Schizophrenia is a chronic, debilitating, neuropsychiatric disorder that affects an individual's ability to interpret reality and function normally. Symptoms of schizophrenia are classified as negative (anhedonia), cognitive (impaired working memory), and positive (hallucinations; delusions) (McCutcheon et al., 2020; Owen et al., 2016). Positive symptoms are effectively targeted by most currently available antipsychotics, whereas negative and cognitive symptoms show only mild response even to second- and third-generation antipsychotics, despite their wide range of targets (Bilder et al., 2002; Goff et al., 2011; Kahn et al., 2015; Koster et al., 2014; Lee et al., 2013; Maroney, 2020). Thus, there is a major unmet need for antipsychotics that improve symptoms like cognitive dysfunction. Cognitive function such as learning and memory are thought to require long-term potentiation (LTP) of hippocampal synapses, which in turn requires the Ca2+/Calmodulin (CaM)-dependent kinase II (CaMKII). CaMKII dysregulation has been implied in several neurological and neurodegenerative diseases (Chia et al., 2018; Cook et al., 2019; Liu and Murray, 2012; Picconi et al., 2004) and has recently gained attention in neuropsychiatric disorders like schizophrenia (Frankland et al., 2008; Robison, 2014). For example, recent genetic studies have found schizophrenia-associated mutations in proteins common to CaMKII signaling, including Ca2+ channels (Cross-Disorder Group of the Psychiatric Genomics, 2013) and postsynaptic density (PSD) proteins (Fromer et al., 2014; Kirov et al., 2012). Furthermore, CaMKIIα mice have been described to have a schizophrenia-related phenotype, including aggressive behavior, immature dentate gyrus (DG), and impaired working memory (Yamasaki et al., 2008). Though this discovery was made over a decade ago, little progress has been made in understanding the potential role of CaMKII dysregulation in schizophrenia pathophysiology.

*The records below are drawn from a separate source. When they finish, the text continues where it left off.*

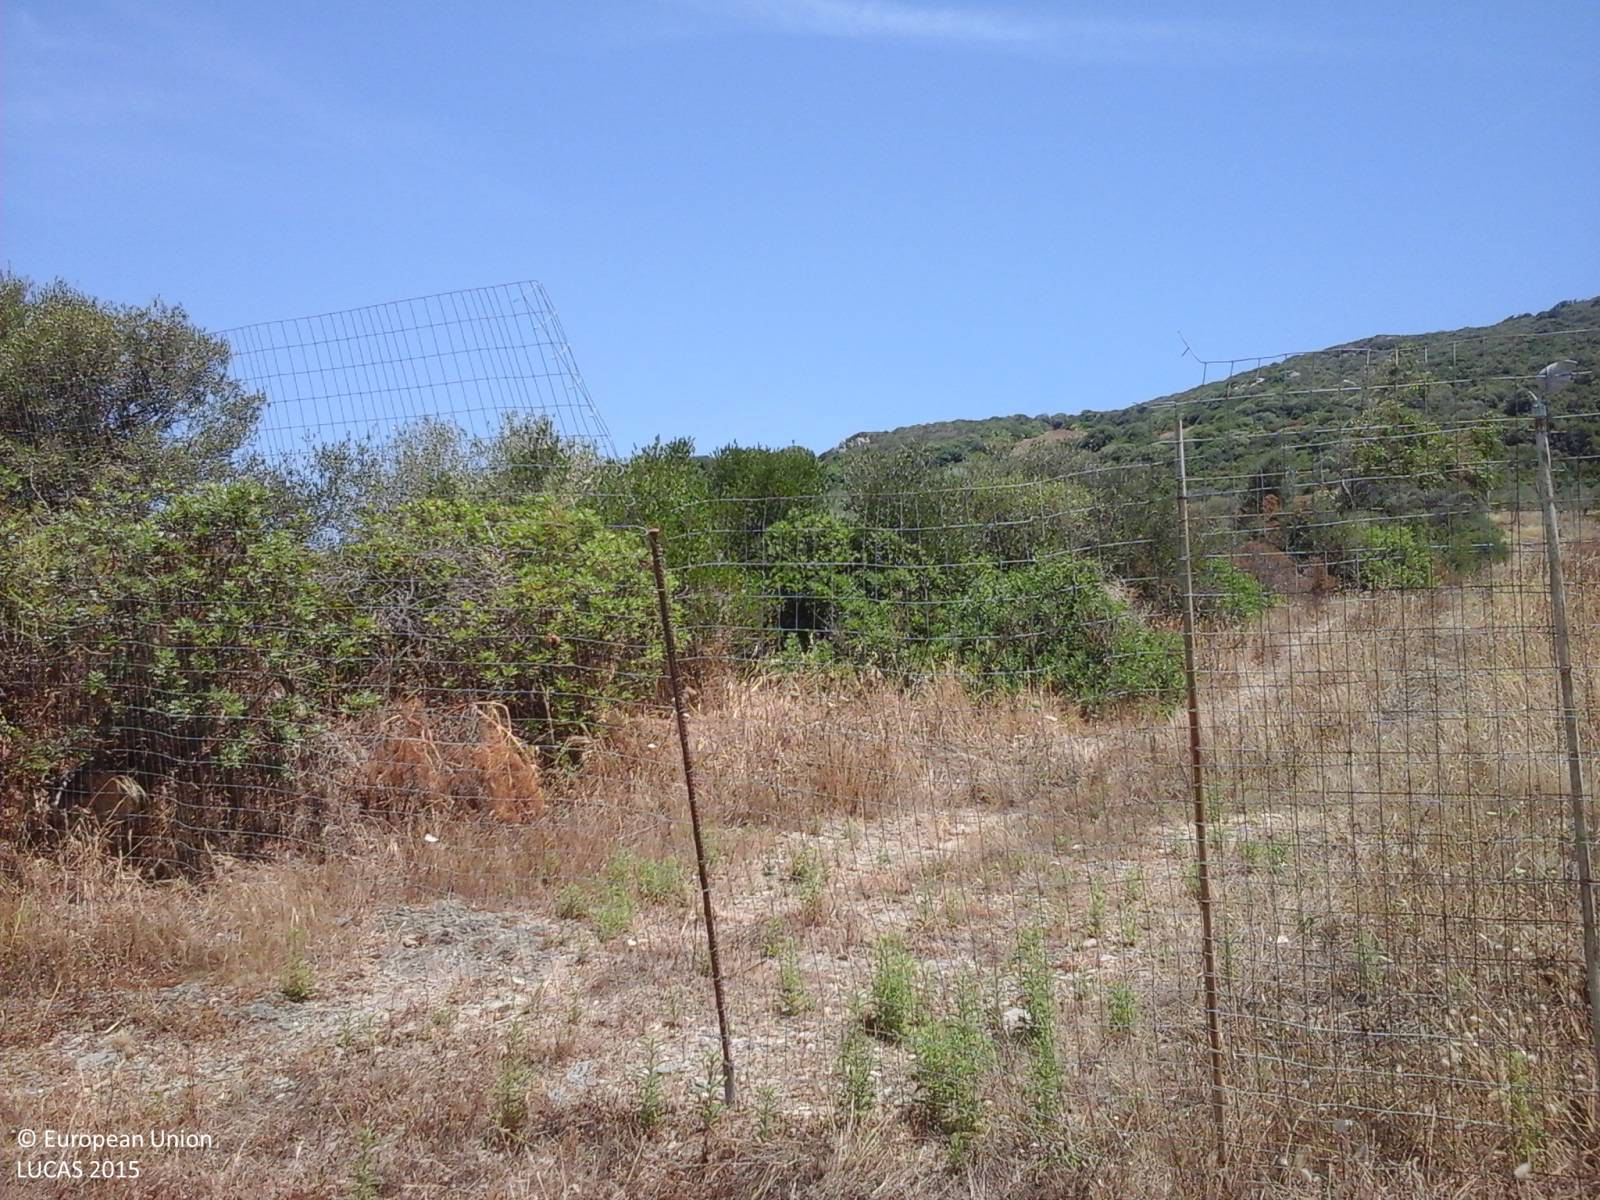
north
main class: Woodland
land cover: Other mixed woodland
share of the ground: 25 - 50 %
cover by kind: herbaceous plants 50 %, broadleaved forest trees 25 %, coniferous forest trees 10 %, unconsolidated bare surface 10 %, shrubs 5 %
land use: Residential
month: June
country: IT
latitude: 39.2242
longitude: 8.5610
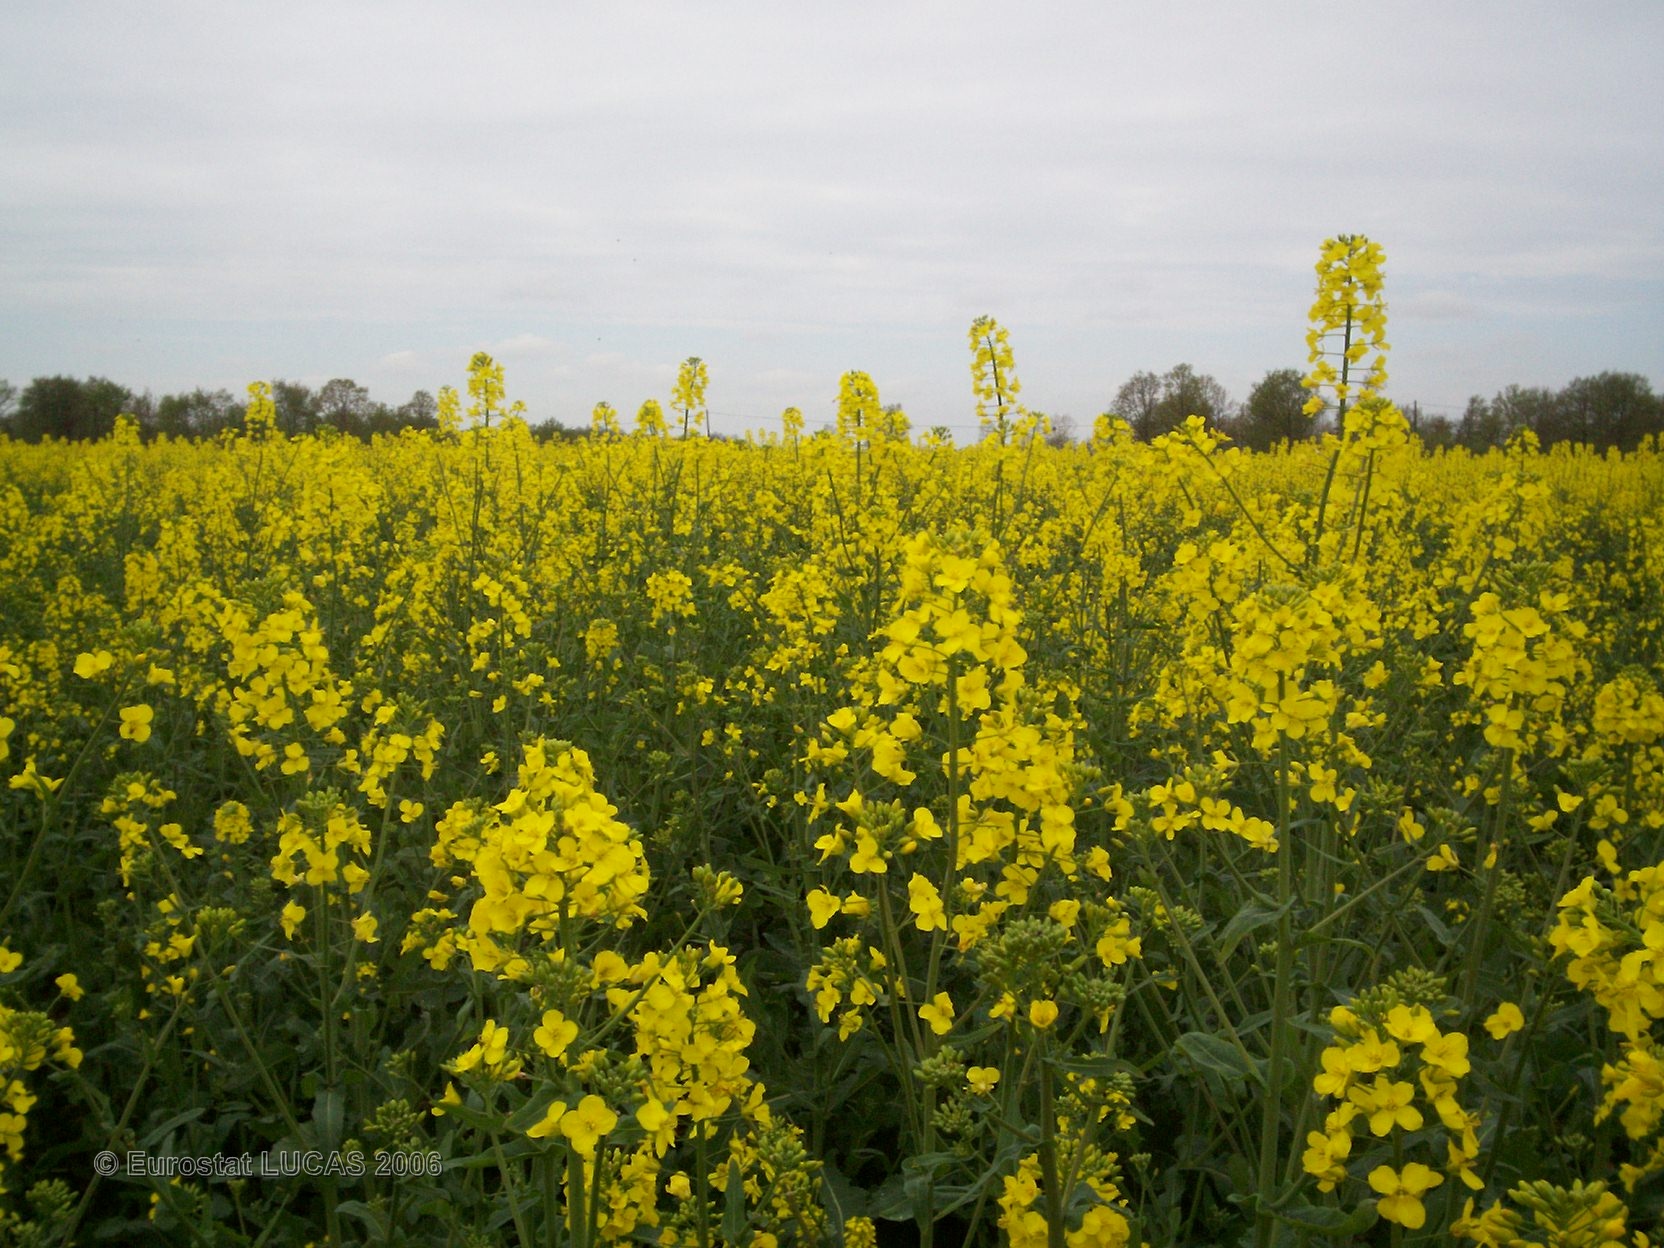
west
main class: Cropland
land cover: Rape and turnip rape
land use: Agriculture (excluding fallow land and kitchen gardens)
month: May
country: FR
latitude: 48.8724
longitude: 0.6088

Here, we characterize six mutations that were found in the α-isoform of CaMKII in patients with schizophrenia by high-throughput exome sequencing (Figure 1, Table S1; see also https://schema.broadinstitute.org). Of these mutations, two are within the CaMKII kinase domain, which mediates the catalytic activity. The remaining four mutations are within the CaMKII association domain, which is required for formation of CaMKII 12-meric holoenzymes (for review see Bayer and Schulman, 2019; Bhattacharyya et al., 2020). Holoenzyme formation enables additional regulatory mechanisms that are essential for LTP (Cook et al., 2021; Coultrap et al., 2014a; Giese et al., 1998; Hanson et al., 1994). Briefly, in the basal state, the kinase domain is autoinhibited by the regulatory domain, which can be displaced by Ca2+/CaM. As a result, the substrate binding site is exposed, and the kinase becomes active. Additionally, T286 within the regulatory domain is exposed, enabling its phosphorylation by a neighboring subunit (“autophosphorylation”) within the holoenzyme (Hanson et al., 1994; Rich and Schulman, 1998). Displacement of the regulatory domain also exposes the T-site, enabling CaMKII to bind the GluN2B subunit of the NMDA receptor, and this binding also requires the CaMKII holoenzyme (Bayer et al., 2001; Strack et al., 2000). Both this binding to GluN2B and the T286 autophosphorylation keeps CaMKII in a partially activated “autonomous” state even after dissociation of Ca2+/CaM (Bayer et al., 2001; Miller and Kennedy, 1986). Importantly, both mechanisms are required for normal LTP (Giese et al., 1998; Halt et al., 2012). Interestingly, GluN2B mutations have also previously been associated with schizophrenia, including in the intracellular C-terminus that contains the CaMKII binding site (Myers et al., 2019).

Figure 1

The CaMKII holoenzyme and mutations identified in patients with schizophrenia

CaMKII 12-meric holoenzyme structure (PDB ID: 5u6y) with six mutations that were found in patients with schizophrenia by high-throughput exome sequencing. Two of the mutations (P242L and R457C) were later also detected in the healthy control population (see Table S1 and SCHEMA browser, https://schema.broadinstitute.org, gene name CAMK2A). Residues 7–12 from PBD ID: 3soa were superimposed on 5u6y. Residues 473–477 were built in PyMOL. Reg = regulatory, link = linker.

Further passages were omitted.